Retryable failures should not immediately hot-loop. Instead, the runtime:
  • preserves the pending session truth
  • marks the session as runnable again
  • defers execution with explicit backoff
  • exposes retry posture through status surfaces

Delayed wake replay

If a queued wake was consumed but the run failed before completing cleanly:
  • the wake intent should not disappear
  • the delayed work should be replay-safe
That is why consumed queued wakes are restored on failure paths.

Staged draft resume

Shared substrate edits do not happen in-place. The runtime stages a draft into session workspace first.

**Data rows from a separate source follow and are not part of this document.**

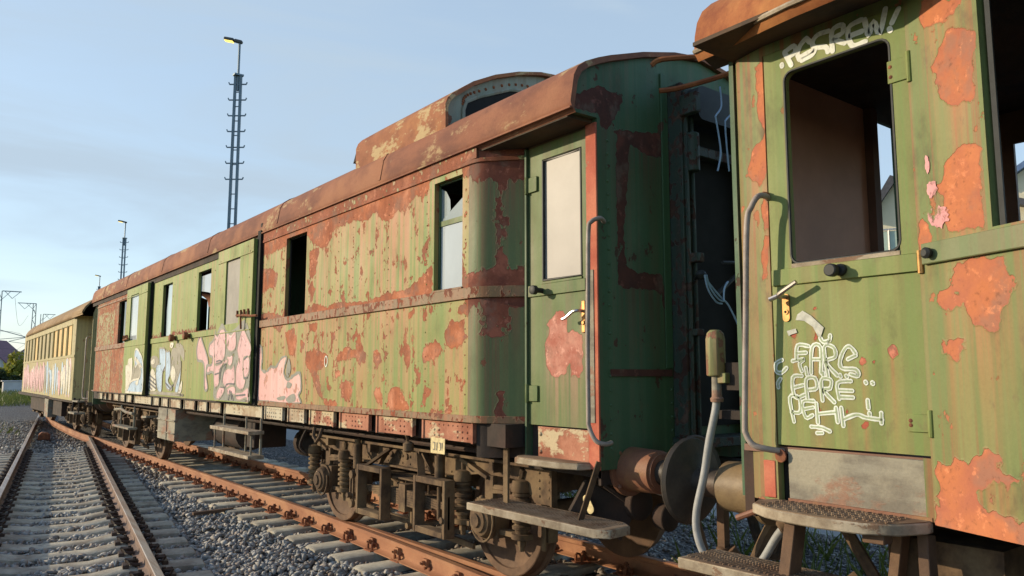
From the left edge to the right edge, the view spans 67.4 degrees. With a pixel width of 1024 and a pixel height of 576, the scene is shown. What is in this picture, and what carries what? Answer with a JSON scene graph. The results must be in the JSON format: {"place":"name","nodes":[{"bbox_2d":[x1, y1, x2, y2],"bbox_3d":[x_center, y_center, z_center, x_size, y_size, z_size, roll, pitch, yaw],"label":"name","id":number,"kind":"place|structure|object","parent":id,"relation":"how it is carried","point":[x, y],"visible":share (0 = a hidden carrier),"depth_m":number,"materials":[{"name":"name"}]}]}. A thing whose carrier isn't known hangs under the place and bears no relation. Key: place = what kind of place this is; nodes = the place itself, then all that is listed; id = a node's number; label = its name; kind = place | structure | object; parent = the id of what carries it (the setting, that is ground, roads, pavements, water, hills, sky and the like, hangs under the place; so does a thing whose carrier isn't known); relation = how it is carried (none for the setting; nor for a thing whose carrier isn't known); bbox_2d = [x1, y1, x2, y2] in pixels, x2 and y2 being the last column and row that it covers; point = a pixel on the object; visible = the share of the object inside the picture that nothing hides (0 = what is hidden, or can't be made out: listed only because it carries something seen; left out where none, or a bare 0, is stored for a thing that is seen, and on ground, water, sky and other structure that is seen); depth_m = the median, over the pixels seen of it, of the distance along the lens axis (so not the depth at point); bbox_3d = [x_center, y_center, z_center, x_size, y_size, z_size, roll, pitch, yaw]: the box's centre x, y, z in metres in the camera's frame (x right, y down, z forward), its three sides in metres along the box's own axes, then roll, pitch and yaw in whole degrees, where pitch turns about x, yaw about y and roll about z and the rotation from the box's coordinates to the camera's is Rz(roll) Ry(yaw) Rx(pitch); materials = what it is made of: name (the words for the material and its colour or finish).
{"place":"outdoors","nodes":[
{"label":"outdoors","id":0,"kind":"place"},
{"bbox_2d":[0,420,888,575],"bbox_3d":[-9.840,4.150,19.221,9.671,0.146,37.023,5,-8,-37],"label":"gravel","id":1,"kind":"structure","parent":0,"point":[231,542],"depth_m":9.16,"materials":[{"name":"gravel"}]},
{"bbox_2d":[37,432,49,439],"bbox_3d":[-14.210,4.485,23.323,0.336,0.218,0.500,4,-8,-30],"label":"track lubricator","id":2,"kind":"object","parent":1,"relation":"on","point":[43,435],"visible":1,"depth_m":23.12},
{"bbox_2d":[0,446,104,455],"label":"concrete sleeper","id":3,"kind":"object","parent":1,"relation":"on","point":[18,450],"visible":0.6,"depth_m":18.98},
{"bbox_2d":[0,448,110,457],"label":"concrete sleeper","id":4,"kind":"object","parent":1,"relation":"on","point":[27,452],"visible":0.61,"depth_m":18.61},
{"bbox_2d":[0,450,115,460],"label":"concrete sleeper","id":5,"kind":"object","parent":1,"relation":"on","point":[78,456],"visible":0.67,"depth_m":18.15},
{"bbox_2d":[0,452,120,462],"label":"concrete sleeper","id":6,"kind":"object","parent":1,"relation":"on","point":[65,460],"visible":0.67,"depth_m":17.65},
{"bbox_2d":[0,454,123,465],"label":"concrete sleeper","id":7,"kind":"object","parent":1,"relation":"on","point":[34,463],"visible":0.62,"depth_m":17.00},
{"bbox_2d":[0,457,125,468],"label":"concrete sleeper","id":8,"kind":"object","parent":1,"relation":"on","point":[77,464],"visible":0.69,"depth_m":16.68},
{"bbox_2d":[0,459,127,471],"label":"concrete sleeper","id":9,"kind":"object","parent":1,"relation":"on","point":[81,466],"visible":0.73,"depth_m":16.04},
{"bbox_2d":[0,462,129,474],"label":"concrete sleeper","id":10,"kind":"object","parent":1,"relation":"on","point":[80,470],"visible":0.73,"depth_m":15.58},
{"bbox_2d":[0,465,132,477],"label":"concrete sleeper","id":11,"kind":"object","parent":1,"relation":"on","point":[71,474],"visible":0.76,"depth_m":15.05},
{"bbox_2d":[0,468,134,480],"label":"concrete sleeper","id":12,"kind":"object","parent":1,"relation":"on","point":[18,474],"visible":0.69,"depth_m":14.59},
{"bbox_2d":[0,471,137,485],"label":"concrete sleeper","id":13,"kind":"object","parent":1,"relation":"on","point":[78,481],"visible":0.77,"depth_m":14.09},
{"bbox_2d":[0,475,140,490],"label":"concrete sleeper","id":14,"kind":"object","parent":1,"relation":"on","point":[34,488],"visible":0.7,"depth_m":13.56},
{"bbox_2d":[6,483,146,499],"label":"concrete sleeper","id":15,"kind":"object","parent":1,"relation":"on","point":[58,496],"visible":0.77,"depth_m":12.58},
{"bbox_2d":[0,415,40,508],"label":"track rail","id":16,"kind":"object","parent":15,"relation":"on","point":[5,487],"visible":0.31,"depth_m":15.34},
{"bbox_2d":[9,479,143,494],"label":"concrete sleeper","id":17,"kind":"object","parent":1,"relation":"on","point":[87,488],"visible":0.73,"depth_m":13.08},
{"bbox_2d":[4,487,150,504],"bbox_3d":[-7.057,3.320,11.941,2.600,0.325,0.330,4,-8,-30],"label":"concrete sleeper","id":18,"kind":"object","parent":1,"relation":"on","point":[57,501],"visible":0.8,"depth_m":11.97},
{"bbox_2d":[1,492,154,511],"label":"concrete sleeper","id":19,"kind":"object","parent":1,"relation":"on","point":[14,507],"visible":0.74,"depth_m":11.51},
{"bbox_2d":[0,497,158,518],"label":"concrete sleeper","id":20,"kind":"object","parent":1,"relation":"on","point":[88,510],"visible":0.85,"depth_m":11.02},
{"bbox_2d":[0,503,163,525],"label":"concrete sleeper","id":21,"kind":"object","parent":1,"relation":"on","point":[20,522],"visible":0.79,"depth_m":10.48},
{"bbox_2d":[0,509,168,533],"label":"concrete sleeper","id":22,"kind":"object","parent":1,"relation":"on","point":[114,514],"visible":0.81,"depth_m":9.97,"materials":[{"name":"concrete"}]},
{"bbox_2d":[0,516,174,542],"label":"concrete sleeper","id":23,"kind":"object","parent":1,"relation":"on","point":[110,526],"visible":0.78,"depth_m":9.47,"materials":[{"name":"concrete"}]},
{"bbox_2d":[0,524,180,552],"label":"concrete sleeper","id":24,"kind":"object","parent":1,"relation":"on","point":[121,531],"visible":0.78,"depth_m":8.96,"materials":[{"name":"concrete"}]},
{"bbox_2d":[0,533,188,564],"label":"concrete sleeper","id":25,"kind":"object","parent":1,"relation":"on","point":[121,541],"visible":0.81,"depth_m":8.48,"materials":[{"name":"concrete"}]},
{"bbox_2d":[86,436,163,575],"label":"track rail","id":26,"kind":"object","parent":25,"relation":"on","point":[149,566],"visible":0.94,"depth_m":9.18,"materials":[{"name":"metal"}]},
{"bbox_2d":[0,543,195,575],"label":"concrete sleeper","id":27,"kind":"object","parent":1,"relation":"on","point":[129,551],"visible":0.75,"depth_m":7.98,"materials":[{"name":"concrete"}]},
{"bbox_2d":[71,554,205,575],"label":"concrete sleeper","id":28,"kind":"object","parent":1,"relation":"on","point":[128,566],"visible":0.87,"depth_m":7.64,"materials":[{"name":"concrete"}]},
{"bbox_2d":[115,446,184,455],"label":"concrete sleeper","id":29,"kind":"object","parent":1,"relation":"on","point":[118,452],"visible":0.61,"depth_m":19.02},
{"bbox_2d":[102,443,205,449],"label":"concrete sleeper","id":30,"kind":"object","parent":1,"relation":"on","point":[105,448],"visible":0.22,"depth_m":20.43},
{"bbox_2d":[120,448,191,458],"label":"concrete sleeper","id":31,"kind":"object","parent":1,"relation":"on","point":[123,456],"visible":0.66,"depth_m":18.77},
{"bbox_2d":[105,445,212,450],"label":"concrete sleeper","id":32,"kind":"object","parent":1,"relation":"on","point":[110,448],"visible":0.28,"depth_m":20.06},
{"bbox_2d":[111,445,207,452],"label":"concrete sleeper","id":33,"kind":"object","parent":1,"relation":"on","point":[173,449],"visible":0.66,"depth_m":19.54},
{"bbox_2d":[125,450,198,461],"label":"concrete sleeper","id":34,"kind":"object","parent":1,"relation":"on","point":[193,454],"visible":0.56,"depth_m":18.28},
{"bbox_2d":[131,452,205,463],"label":"concrete sleeper","id":35,"kind":"object","parent":1,"relation":"on","point":[133,461],"visible":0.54,"depth_m":17.72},
{"bbox_2d":[129,566,214,575],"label":"concrete sleeper","id":36,"kind":"object","parent":1,"relation":"on","point":[164,569],"visible":0.92,"depth_m":7.23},
{"bbox_2d":[137,454,213,465],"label":"concrete sleeper","id":37,"kind":"object","parent":1,"relation":"on","point":[207,458],"visible":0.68,"depth_m":17.25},
{"bbox_2d":[144,456,268,468],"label":"concrete sleeper","id":38,"kind":"object","parent":1,"relation":"on","point":[215,460],"visible":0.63,"depth_m":16.82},
{"bbox_2d":[192,507,233,514],"bbox_3d":[-4.189,3.130,10.760,0.560,0.040,0.070,6,-9,-42],"label":"steel bar","id":39,"kind":"object","parent":1,"relation":"on","point":[209,511],"visible":0.94,"depth_m":10.72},
{"bbox_2d":[151,458,277,471],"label":"concrete sleeper","id":40,"kind":"object","parent":1,"relation":"on","point":[225,462],"visible":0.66,"depth_m":16.41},
{"bbox_2d":[158,468,272,486],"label":"concrete sleeper","id":41,"kind":"object","parent":1,"relation":"on","point":[263,474],"visible":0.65,"depth_m":14.36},
{"bbox_2d":[94,437,488,575],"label":"track rail","id":42,"kind":"object","parent":41,"relation":"on","point":[416,558],"visible":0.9,"depth_m":9.12,"materials":[{"name":"metal"}]},
{"bbox_2d":[336,517,505,575],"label":"switch blade","id":43,"kind":"object","parent":42,"relation":"attached to","point":[481,567],"visible":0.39,"depth_m":7.41,"materials":[{"name":"metal"}]},
{"bbox_2d":[91,52,782,575],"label":"railway coach","id":44,"kind":"object","parent":42,"relation":"on","point":[493,290],"visible":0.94,"depth_m":6.30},
{"bbox_2d":[119,300,126,342],"bbox_3d":[-8.434,0.747,16.733,0.020,0.960,0.790,5,-8,-37],"label":"window","id":45,"kind":"structure","parent":44,"relation":"in","point":[126,300],"depth_m":16.80,"materials":[{"name":"black paint"}]},
{"bbox_2d":[122,282,150,394],"bbox_3d":[-7.466,1.024,15.186,0.126,2.125,1.855,5,-8,-37],"label":"sliding door","id":46,"kind":"structure","parent":44,"relation":"in","point":[135,338],"depth_m":15.06,"materials":[{"name":"green paint"}]},
{"bbox_2d":[164,283,172,336],"bbox_3d":[-6.160,0.398,13.835,0.020,0.970,0.670,5,-8,-37],"label":"window","id":47,"kind":"structure","parent":44,"relation":"in","point":[169,306],"depth_m":13.89,"materials":[{"name":"glass"}]},
{"bbox_2d":[199,269,211,330],"bbox_3d":[-4.792,0.196,12.079,0.020,0.970,0.720,5,-8,-37],"label":"window","id":48,"kind":"structure","parent":44,"relation":"in","point":[205,280],"depth_m":12.23,"materials":[{"name":"glass"}]},
{"bbox_2d":[212,238,257,402],"bbox_3d":[-3.780,0.470,10.457,0.124,2.145,1.754,5,-8,-37],"label":"sliding door","id":49,"kind":"structure","parent":44,"relation":"in","point":[237,265],"depth_m":10.43,"materials":[{"name":"green paint"}]},
{"bbox_2d":[288,233,306,315],"bbox_3d":[-2.524,-0.148,9.150,0.020,0.985,0.640,5,-8,-37],"label":"window","id":50,"kind":"structure","parent":44,"relation":"in","point":[291,240],"depth_m":9.38,"materials":[{"name":"black paint"}]},
{"bbox_2d":[432,177,462,292],"bbox_3d":[-0.523,-0.449,6.531,0.083,0.985,0.460,5,-8,-37],"label":"window","id":51,"kind":"structure","parent":44,"relation":"in","point":[450,222],"depth_m":6.58,"materials":[{"name":"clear glass"}]},
{"bbox_2d":[525,129,586,428],"bbox_3d":[0.298,-0.062,5.745,0.160,2.165,0.680,5,-8,-37],"label":"end door","id":52,"kind":"structure","parent":44,"relation":"in","point":[555,393],"depth_m":5.76,"materials":[{"name":"green paint"}]},
{"bbox_2d":[693,124,739,425],"bbox_3d":[1.602,-0.133,6.155,0.680,2.430,0.015,5,-8,-37],"label":"gangway door","id":53,"kind":"structure","parent":44,"relation":"in","point":[713,188],"depth_m":6.19,"materials":[{"name":"black paint"}]},
{"bbox_2d":[715,86,721,170],"bbox_3d":[1.569,-1.208,5.816,0.092,0.673,0.013,5,-8,-37],"label":"blue wire","id":54,"kind":"object","parent":44,"relation":"hanging from","point":[718,129],"visible":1,"depth_m":5.80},
{"bbox_2d":[704,275,736,323],"bbox_3d":[1.542,0.147,5.625,0.473,0.495,0.033,6,-9,-43],"label":"blue wire","id":55,"kind":"object","parent":44,"relation":"attached to","point":[711,287],"visible":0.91,"depth_m":5.59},
{"bbox_2d":[724,115,729,170],"bbox_3d":[1.681,-1.208,5.903,0.143,0.651,0.013,5,-8,-37],"label":"blue wire","id":56,"kind":"object","parent":44,"relation":"hanging from","point":[725,120],"visible":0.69,"depth_m":5.85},
{"bbox_2d":[158,460,287,474],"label":"concrete sleeper","id":57,"kind":"object","parent":1,"relation":"on","point":[234,465],"visible":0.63,"depth_m":15.91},
{"bbox_2d":[167,471,284,489],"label":"concrete sleeper","id":58,"kind":"object","parent":1,"relation":"on","point":[274,478],"visible":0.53,"depth_m":13.88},
{"bbox_2d":[166,463,298,478],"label":"concrete sleeper","id":59,"kind":"object","parent":1,"relation":"on","point":[244,467],"visible":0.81,"depth_m":15.44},
{"bbox_2d":[176,475,297,493],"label":"concrete sleeper","id":60,"kind":"object","parent":1,"relation":"on","point":[289,480],"visible":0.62,"depth_m":13.39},
{"bbox_2d":[173,465,309,480],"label":"concrete sleeper","id":61,"kind":"object","parent":1,"relation":"on","point":[178,476],"visible":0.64,"depth_m":15.01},
{"bbox_2d":[187,478,310,497],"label":"concrete sleeper","id":62,"kind":"object","parent":1,"relation":"on","point":[302,484],"visible":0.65,"depth_m":12.93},
{"bbox_2d":[197,484,321,503],"bbox_3d":[-3.764,3.393,12.570,2.600,0.335,0.330,5,-8,-37],"label":"concrete sleeper","id":63,"kind":"object","parent":1,"relation":"on","point":[224,498],"visible":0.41,"depth_m":12.09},
{"bbox_2d":[209,493,326,508],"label":"concrete sleeper","id":64,"kind":"object","parent":1,"relation":"on","point":[241,501],"visible":0.3,"depth_m":11.62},
{"bbox_2d":[221,498,328,513],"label":"concrete sleeper","id":65,"kind":"object","parent":1,"relation":"on","point":[255,507],"visible":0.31,"depth_m":11.08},
{"bbox_2d":[237,501,378,522],"bbox_3d":[-2.671,3.230,11.168,2.600,0.335,0.330,5,-8,-37],"label":"concrete sleeper","id":66,"kind":"object","parent":1,"relation":"on","point":[269,513],"visible":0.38,"depth_m":10.57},
{"bbox_2d":[250,506,397,529],"bbox_3d":[-2.307,3.173,10.701,2.600,0.335,0.330,5,-8,-38],"label":"concrete sleeper","id":67,"kind":"object","parent":1,"relation":"on","point":[286,518],"visible":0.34,"depth_m":10.06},
{"bbox_2d":[266,511,408,537],"bbox_3d":[-1.942,3.119,10.233,2.600,0.335,0.330,5,-8,-38],"label":"concrete sleeper","id":68,"kind":"object","parent":1,"relation":"on","point":[300,528],"visible":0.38,"depth_m":9.65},
{"bbox_2d":[284,510,440,544],"bbox_3d":[-1.578,3.067,9.766,2.600,0.335,0.330,5,-8,-37],"label":"concrete sleeper","id":69,"kind":"object","parent":1,"relation":"on","point":[324,535],"visible":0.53,"depth_m":9.25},
{"bbox_2d":[305,524,471,555],"bbox_3d":[-1.214,3.014,9.298,2.600,0.335,0.330,5,-8,-38],"label":"concrete sleeper","id":70,"kind":"object","parent":1,"relation":"on","point":[344,544],"visible":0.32,"depth_m":8.72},
{"bbox_2d":[327,532,478,563],"bbox_3d":[-0.850,2.957,8.831,2.600,0.335,0.330,5,-8,-38],"label":"concrete sleeper","id":71,"kind":"object","parent":1,"relation":"on","point":[367,554],"visible":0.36,"depth_m":8.26,"materials":[{"name":"concrete"}]},
{"bbox_2d":[102,421,704,575],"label":"track rail","id":72,"kind":"object","parent":1,"relation":"on","point":[604,556],"visible":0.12,"depth_m":7.92,"materials":[{"name":"metal"}]},
{"bbox_2d":[661,0,1023,575],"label":"railway coach","id":73,"kind":"object","parent":72,"relation":"on","point":[876,385],"visible":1,"depth_m":3.73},
{"bbox_2d":[763,4,933,455],"bbox_3d":[1.613,-0.283,3.814,0.139,2.139,0.801,5,-8,-37],"label":"coach door","id":74,"kind":"structure","parent":73,"relation":"in","point":[850,370],"depth_m":3.76,"materials":[{"name":"green paint"}]},
{"bbox_2d":[984,0,1006,224],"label":"window frame","id":75,"kind":"structure","parent":73,"relation":"in","point":[987,4],"depth_m":3.19,"materials":[{"name":"black rubber"}]},
{"bbox_2d":[352,545,485,575],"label":"concrete sleeper","id":76,"kind":"object","parent":1,"relation":"on","point":[395,565],"visible":0.3,"depth_m":7.75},
{"bbox_2d":[397,553,571,575],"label":"concrete sleeper","id":77,"kind":"object","parent":1,"relation":"on","point":[556,556],"visible":0.19,"depth_m":7.80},
{"bbox_2d":[537,550,611,575],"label":"concrete sleeper","id":78,"kind":"object","parent":1,"relation":"on","point":[583,564],"visible":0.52,"depth_m":7.62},
{"bbox_2d":[602,562,636,575],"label":"concrete sleeper","id":79,"kind":"object","parent":1,"relation":"on","point":[626,570],"visible":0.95,"depth_m":7.30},
{"bbox_2d":[0,0,1023,350],"label":"sky","id":80,"kind":"structure","parent":0,"point":[111,111],"materials":[{"name":"blue"}]},
{"bbox_2d":[286,429,861,540],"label":"gravel path","id":81,"kind":"structure","parent":0,"point":[290,434],"depth_m":11.30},
{"bbox_3d":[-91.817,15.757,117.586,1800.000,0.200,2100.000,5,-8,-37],"label":"ground","id":82,"kind":"structure","parent":0,"visible":0},
{"bbox_2d":[0,423,19,436],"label":"grass","id":83,"kind":"structure","parent":82,"relation":"on","point":[10,429],"depth_m":26.12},
{"bbox_2d":[0,340,22,367],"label":"house","id":84,"kind":"structure","parent":82,"relation":"on","point":[8,347],"depth_m":143.07,"materials":[{"name":"purple tile"}]},
{"bbox_2d":[0,368,22,388],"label":"bush","id":85,"kind":"object","parent":82,"relation":"on","point":[3,376],"visible":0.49,"depth_m":92.63,"materials":[{"name":"green plant"}]},
{"bbox_2d":[1,380,21,392],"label":"cable cabinet","id":86,"kind":"object","parent":82,"relation":"on","point":[9,385],"visible":0.42,"depth_m":79.57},
{"bbox_2d":[0,350,23,379],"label":"bush","id":87,"kind":"object","parent":82,"relation":"on","point":[15,367],"visible":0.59,"depth_m":98.36,"materials":[{"name":"green plant"}]},
{"bbox_2d":[0,290,24,338],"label":"catenary mast","id":88,"kind":"object","parent":82,"relation":"on","point":[1,309],"visible":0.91,"depth_m":80.57,"materials":[{"name":"grey metal"}]},
{"bbox_2d":[0,389,30,405],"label":"grass","id":89,"kind":"structure","parent":82,"relation":"on","point":[7,398],"depth_m":55.03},
{"bbox_2d":[8,302,36,343],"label":"catenary mast","id":90,"kind":"object","parent":82,"relation":"on","point":[32,317],"visible":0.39,"depth_m":100.67,"materials":[{"name":"grey metal"}]},
{"bbox_2d":[40,314,55,323],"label":"catenary mast","id":91,"kind":"object","parent":82,"relation":"on","point":[45,317],"visible":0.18,"depth_m":125.74,"materials":[{"name":"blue metal"}]},
{"bbox_2d":[0,401,111,436],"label":"ballast bed","id":92,"kind":"object","parent":82,"relation":"on","point":[21,412],"visible":0.03,"depth_m":35.43,"materials":[{"name":"gravel"}]},
{"bbox_2d":[44,417,95,441],"bbox_3d":[-16.212,4.982,27.687,0.325,0.172,14.771,5,-8,-35],"label":"track rail","id":93,"kind":"object","parent":92,"relation":"on","point":[71,432],"visible":0.81,"depth_m":24.97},
{"bbox_2d":[18,300,141,436],"bbox_3d":[-15.138,2.710,27.720,3.209,4.410,16.625,5,-8,-37],"label":"railway coach","id":94,"kind":"object","parent":93,"relation":"on","point":[58,366],"visible":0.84,"depth_m":23.55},
{"bbox_2d":[25,340,28,361],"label":"window","id":95,"kind":"structure","parent":94,"relation":"in","point":[27,343],"depth_m":32.59,"materials":[{"name":"yellow wood"}]},
{"bbox_2d":[28,339,31,360],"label":"window","id":96,"kind":"structure","parent":94,"relation":"in","point":[30,340],"depth_m":31.66,"materials":[{"name":"yellow wood"}]},
{"bbox_2d":[31,338,34,360],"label":"window","id":97,"kind":"structure","parent":94,"relation":"in","point":[33,339],"depth_m":30.76,"materials":[{"name":"yellow wood"}]},
{"bbox_2d":[34,336,38,360],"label":"window","id":98,"kind":"structure","parent":94,"relation":"in","point":[36,338],"depth_m":29.85,"materials":[{"name":"yellow wood"}]},
{"bbox_2d":[37,335,41,359],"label":"window","id":99,"kind":"structure","parent":94,"relation":"in","point":[40,337],"depth_m":28.92,"materials":[{"name":"yellow wood"}]},
{"bbox_2d":[41,334,45,358],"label":"window","id":100,"kind":"structure","parent":94,"relation":"in","point":[44,335],"depth_m":28.00,"materials":[{"name":"yellow wood"}]},
{"bbox_2d":[44,332,49,358],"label":"window","id":101,"kind":"structure","parent":94,"relation":"in","point":[47,334],"depth_m":27.10,"materials":[{"name":"yellow wood"}]},
{"bbox_2d":[48,331,53,357],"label":"window","id":102,"kind":"structure","parent":94,"relation":"in","point":[52,332],"depth_m":26.21,"materials":[{"name":"yellow wood"}]},
{"bbox_2d":[52,329,57,357],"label":"window","id":103,"kind":"structure","parent":94,"relation":"in","point":[54,354],"depth_m":25.34,"materials":[{"name":"yellow wood"}]},
{"bbox_2d":[57,327,62,356],"bbox_3d":[-14.320,1.728,24.349,0.050,0.910,0.840,5,-8,-37],"label":"window","id":104,"kind":"structure","parent":94,"relation":"in","point":[60,331],"depth_m":24.50,"materials":[{"name":"yellow wood"}]},
{"bbox_2d":[61,326,67,355],"bbox_3d":[-13.670,1.630,23.492,0.050,0.910,0.840,5,-8,-37],"label":"window","id":105,"kind":"structure","parent":94,"relation":"in","point":[64,337],"depth_m":23.63,"materials":[{"name":"yellow wood"}]},
{"bbox_2d":[66,324,72,355],"bbox_3d":[-13.020,1.531,22.635,0.050,0.910,0.840,5,-8,-37],"label":"window","id":106,"kind":"structure","parent":94,"relation":"in","point":[70,327],"depth_m":22.76,"materials":[{"name":"yellow wood"}]},
{"bbox_2d":[118,220,128,279],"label":"lamp mast","id":107,"kind":"object","parent":82,"relation":"on","point":[124,240],"visible":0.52,"depth_m":61.40,"materials":[{"name":"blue metal"}]},
{"bbox_2d":[223,37,247,228],"bbox_3d":[-10.275,-2.072,27.821,0.946,14.674,0.377,1,-7,-8],"label":"lamp mast","id":108,"kind":"object","parent":82,"relation":"on","point":[238,77],"visible":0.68,"depth_m":28.21,"materials":[{"name":"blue metal"}]},
{"bbox_2d":[471,486,888,575],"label":"weeds","id":109,"kind":"object","parent":82,"relation":"on","point":[883,570],"visible":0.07,"depth_m":8.15,"materials":[{"name":"green plant"}]},
{"bbox_2d":[881,175,1023,250],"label":"house","id":110,"kind":"structure","parent":82,"relation":"on","point":[888,216],"depth_m":24.69,"materials":[{"name":"tile"}]},
{"bbox_2d":[1017,161,1023,193],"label":"house","id":111,"kind":"structure","parent":82,"relation":"on","point":[1020,171],"depth_m":26.42,"materials":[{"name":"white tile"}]}
]}

If execution is interrupted, that staged draft remains inspectable and resumable instead of forcing the agent to start from scratch.

Activation lifecycle

The runtime treats execution as an activation flow, not just as “call model and hope it works.” The main lifecycle is:
  1. activation becomes ready
  2. worker leases activation
  3. one bounded wake runs
  4. activation is:
    • acked
    • requeued
    • blocked
    • abandoned
This lifecycle is durable and inspectable.

Operator visibility

Resilience is not complete if only the runtime knows what happened. The operator should be able to inspect:
  • current retry posture
  • pending approval or custom tool input
  • queued wake backlog
  • active lease owner
  • latest activation outcome
  • activation claim history
  • staged draft status
Current surfaces include:
  • openboa agent session status
  • openboa agent session events
  • openboa agent activation-events
  • openboa agent orchestrator --watch --log

What the runtime guarantees

Today the Agent runtime is designed to guarantee:
  • session truth is durable across wakes
  • approval and custom tool pauses are resumable
  • retryable failures back off instead of hot-looping immediately
  • delayed wake intent is replay-safe on failure paths
  • staged substrate drafts can survive interruption and be resumed
  • activation lifecycle is inspectable through journaled events

What it does not guarantee

This page should also be explicit about current limits. The runtime does not yet guarantee:
  • broker-backed distributed queue semantics
  • unlimited autonomous background execution without a worker surface
  • provider-independent proof across multiple live providers
  • automatic recovery from every possible external side effect
Those belong to future frontiers, not hidden assumptions.

Design rule

Do not describe resilience as a vague property of the model. In openboa, resilience belongs to the runtime contract:
  • durable session truth
  • explicit activation lifecycle
  • replay-safe recovery
  • visible operator seams
That is why resilience belongs next to memory and context as a first-class Agent page.